Ainda assim a concepção essencial da ética de Sócrates – segundo a qual basta saber o que é a bondade para ser bom – é também a concepção de Platão, mas com duas diferenças básicas. Sócrates jamais exprimiu de forma objetiva o que ele entendia como bondade, deu apenas definições negativas do conceito demonstrando o caráter superficial deste e outros conceitos em sua época.
Platão por sua vez define esta bondade como sendo a Idéia Geral de bondade, seu conceito mais abstrato cuja sombra era as noções cotidianas da bondade. Para descobrir o que era a Bondade, portanto, seria necessário afastar esta sombra refletida pelas convenções para chegar à noção em si da bondade.
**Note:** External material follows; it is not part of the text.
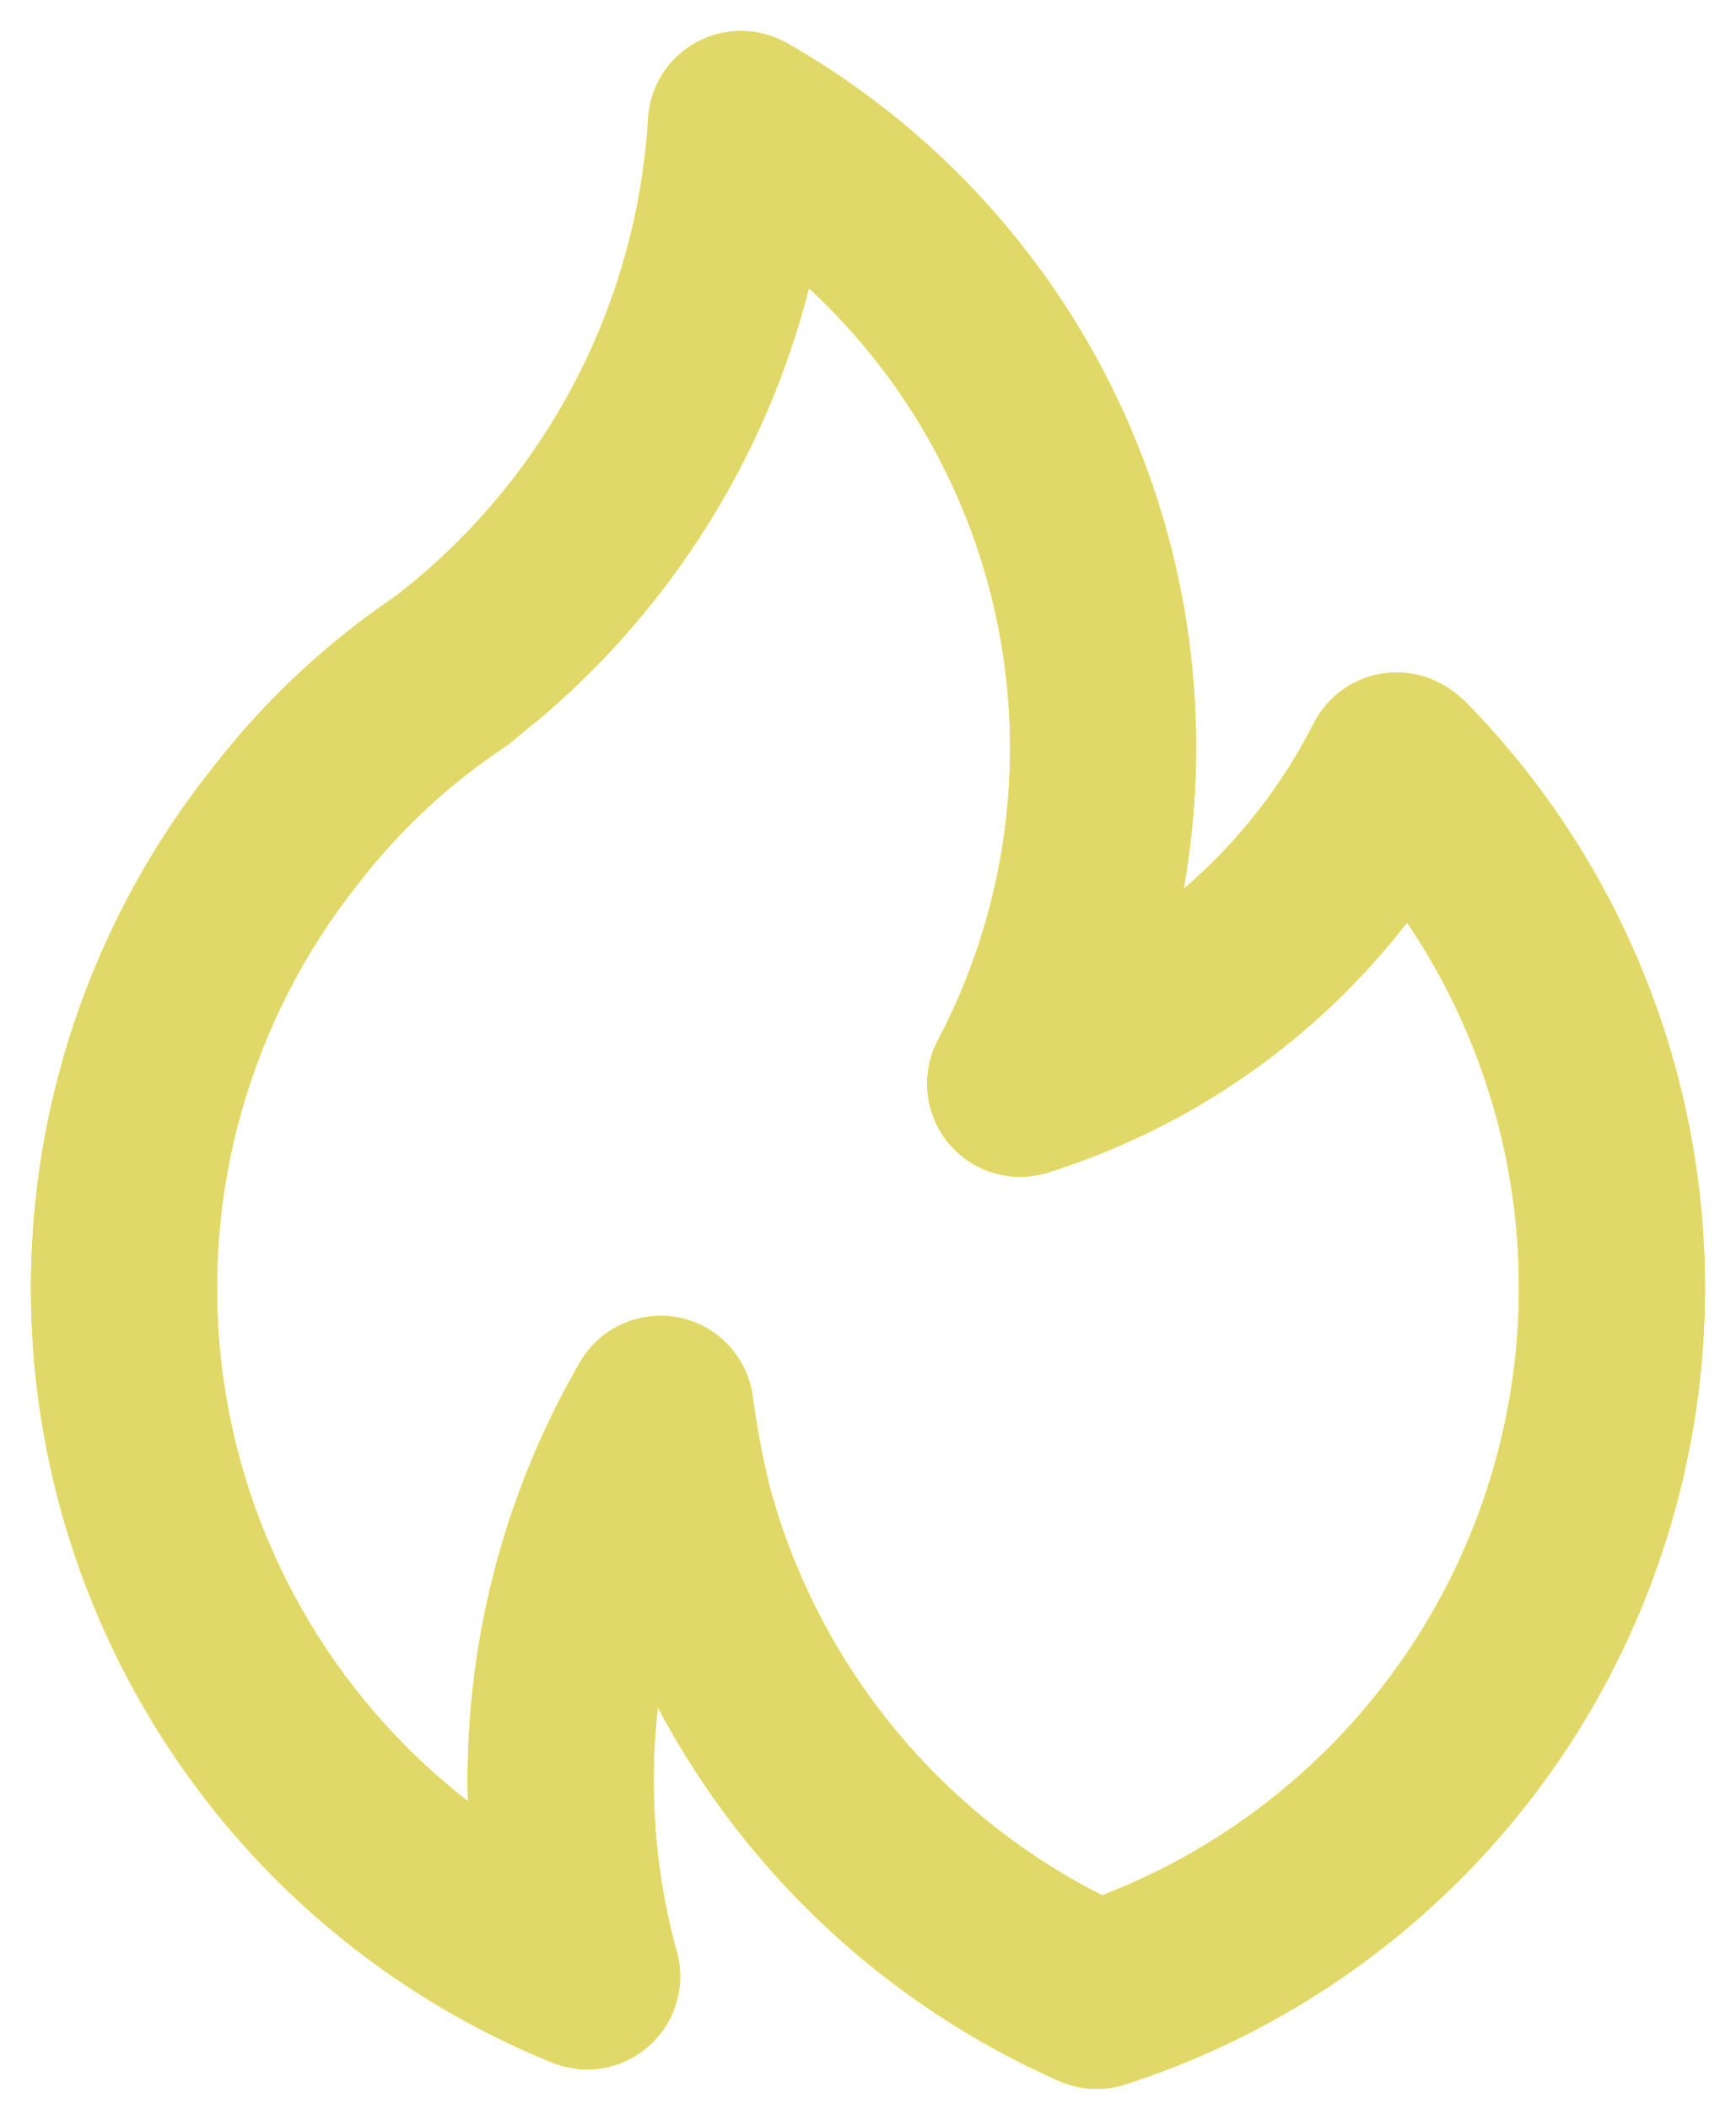 <svg width="28" height="34" viewBox="0 0 28 34" fill="none" xmlns="http://www.w3.org/2000/svg">
<path d="M8.702 11.592L8.699 11.594L8.694 11.597L8.702 11.592ZM23.633 11.312C23.529 11.211 23.413 11.123 23.288 11.05C23.111 10.945 22.915 10.879 22.711 10.854C22.508 10.828 22.301 10.845 22.105 10.903C21.908 10.961 21.725 11.058 21.567 11.19C21.41 11.321 21.28 11.483 21.188 11.666C20.671 12.684 19.958 13.59 19.091 14.333C19.224 13.585 19.291 12.827 19.292 12.068C19.296 9.758 18.686 7.489 17.527 5.491C16.368 3.493 14.699 1.838 12.692 0.695C12.471 0.569 12.221 0.502 11.967 0.499C11.713 0.497 11.462 0.559 11.238 0.679C11.014 0.8 10.825 0.976 10.688 1.19C10.551 1.405 10.47 1.65 10.454 1.904C10.37 3.326 9.998 4.716 9.361 5.991C8.724 7.265 7.835 8.396 6.747 9.317L6.402 9.598C5.265 10.363 4.258 11.306 3.421 12.392C2.119 14.032 1.217 15.952 0.787 18.001C0.357 20.05 0.41 22.171 0.942 24.195C1.475 26.22 2.471 28.093 3.853 29.665C5.235 31.238 6.965 32.466 8.905 33.254C9.132 33.347 9.379 33.382 9.624 33.357C9.868 33.332 10.103 33.247 10.307 33.109C10.511 32.972 10.678 32.787 10.794 32.57C10.909 32.353 10.97 32.111 10.97 31.865C10.97 31.706 10.945 31.548 10.895 31.397C10.56 30.136 10.463 28.823 10.61 27.526C12.029 30.203 14.308 32.325 17.079 33.55C17.418 33.7 17.8 33.721 18.152 33.606C20.341 32.9 22.313 31.645 23.881 29.962C25.449 28.278 26.56 26.222 27.109 23.988C27.659 21.754 27.627 19.416 27.019 17.198C26.411 14.979 25.245 12.953 23.633 11.312ZM17.776 30.558C16.468 29.896 15.314 28.966 14.39 27.828C13.465 26.691 12.791 25.371 12.41 23.956C12.294 23.479 12.204 22.996 12.14 22.509C12.097 22.2 11.959 21.911 11.744 21.684C11.529 21.456 11.248 21.302 10.941 21.242C10.847 21.224 10.751 21.215 10.655 21.215C10.391 21.215 10.133 21.284 9.904 21.416C9.676 21.547 9.486 21.737 9.354 21.965C8.11 24.112 7.485 26.561 7.547 29.042C6.452 28.191 5.537 27.131 4.855 25.924C4.173 24.717 3.737 23.386 3.573 22.009C3.409 20.633 3.52 19.237 3.899 17.903C4.279 16.57 4.919 15.324 5.783 14.24C6.44 13.389 7.231 12.65 8.126 12.053C8.165 12.027 8.202 12 8.239 11.97C8.239 11.97 8.682 11.603 8.697 11.595C10.835 9.788 12.356 7.359 13.047 4.646C14.682 6.157 15.771 8.165 16.147 10.359C16.523 12.553 16.163 14.809 15.125 16.778C14.988 17.041 14.931 17.338 14.963 17.633C14.995 17.928 15.113 18.207 15.303 18.434C15.493 18.662 15.746 18.828 16.031 18.912C16.315 18.996 16.618 18.993 16.901 18.905C19.198 18.184 21.22 16.777 22.694 14.873C23.58 16.181 24.159 17.673 24.389 19.236C24.618 20.8 24.492 22.395 24.019 23.902C23.546 25.41 22.739 26.792 21.658 27.944C20.577 29.097 19.25 29.99 17.776 30.558Z" fill="#FFCC00"/>
<path d="M8.702 11.592L8.699 11.594L8.694 11.597L8.702 11.592ZM23.633 11.312C23.529 11.211 23.413 11.123 23.288 11.05C23.111 10.945 22.915 10.879 22.711 10.854C22.508 10.828 22.301 10.845 22.105 10.903C21.908 10.961 21.725 11.058 21.567 11.19C21.41 11.321 21.28 11.483 21.188 11.666C20.671 12.684 19.958 13.59 19.091 14.333C19.224 13.585 19.291 12.827 19.292 12.068C19.296 9.758 18.686 7.489 17.527 5.491C16.368 3.493 14.699 1.838 12.692 0.695C12.471 0.569 12.221 0.502 11.967 0.499C11.713 0.497 11.462 0.559 11.238 0.679C11.014 0.8 10.825 0.976 10.688 1.19C10.551 1.405 10.47 1.65 10.454 1.904C10.37 3.326 9.998 4.716 9.361 5.991C8.724 7.265 7.835 8.396 6.747 9.317L6.402 9.598C5.265 10.363 4.258 11.306 3.421 12.392C2.119 14.032 1.217 15.952 0.787 18.001C0.357 20.05 0.41 22.171 0.942 24.195C1.475 26.22 2.471 28.093 3.853 29.665C5.235 31.238 6.965 32.466 8.905 33.254C9.132 33.347 9.379 33.382 9.624 33.357C9.868 33.332 10.103 33.247 10.307 33.109C10.511 32.972 10.678 32.787 10.794 32.57C10.909 32.353 10.97 32.111 10.97 31.865C10.97 31.706 10.945 31.548 10.895 31.397C10.56 30.136 10.463 28.823 10.61 27.526C12.029 30.203 14.308 32.325 17.079 33.55C17.418 33.7 17.8 33.721 18.152 33.606C20.341 32.9 22.313 31.645 23.881 29.962C25.449 28.278 26.56 26.222 27.109 23.988C27.659 21.754 27.627 19.416 27.019 17.198C26.411 14.979 25.245 12.953 23.633 11.312ZM17.776 30.558C16.468 29.896 15.314 28.966 14.39 27.828C13.465 26.691 12.791 25.371 12.41 23.956C12.294 23.479 12.204 22.996 12.14 22.509C12.097 22.2 11.959 21.911 11.744 21.684C11.529 21.456 11.248 21.302 10.941 21.242C10.847 21.224 10.751 21.215 10.655 21.215C10.391 21.215 10.133 21.284 9.904 21.416C9.676 21.547 9.486 21.737 9.354 21.965C8.11 24.112 7.485 26.561 7.547 29.042C6.452 28.191 5.537 27.131 4.855 25.924C4.173 24.717 3.737 23.386 3.573 22.009C3.409 20.633 3.52 19.237 3.899 17.903C4.279 16.57 4.919 15.324 5.783 14.24C6.44 13.389 7.231 12.65 8.126 12.053C8.165 12.027 8.202 12 8.239 11.97C8.239 11.97 8.682 11.603 8.697 11.595C10.835 9.788 12.356 7.359 13.047 4.646C14.682 6.157 15.771 8.165 16.147 10.359C16.523 12.553 16.163 14.809 15.125 16.778C14.988 17.041 14.931 17.338 14.963 17.633C14.995 17.928 15.113 18.207 15.303 18.434C15.493 18.662 15.746 18.828 16.031 18.912C16.315 18.996 16.618 18.993 16.901 18.905C19.198 18.184 21.22 16.777 22.694 14.873C23.58 16.181 24.159 17.673 24.389 19.236C24.618 20.8 24.492 22.395 24.019 23.902C23.546 25.41 22.739 26.792 21.658 27.944C20.577 29.097 19.25 29.99 17.776 30.558Z" fill="#E0D969"/>
</svg>

A segunda diferença é que ao propor sua utopia, Platão esforça-se se não para definir este conceito absoluto de bondade, ao menos para definir como seria uma sociedade na qual ela poderia prosperar.
A noção desta Idéia Geral da bondade é exposta no debate em torno do Anel de Giges, que permitiria ao seu proprietário tornar-se invisível – e as similaridades com o conto de H.G. Wells no século XX não é mera coincidência. A questão debatida é se uma pessoa que pode se tornar invisível, portanto está além do alcance de qualquer atitude coercitiva para praticar o bem, ainda assim seria boa.
Para Platão, uma pessoa que conheça a essência da bondade sabe que só pode ser feliz se agir corretamente e assim a posse do anel não fará diferença para ela. Mesmo intocável pelo longo braço da lei este indivíduo que detém o conhecimento não se sentiria tentado a agir de forma diferente.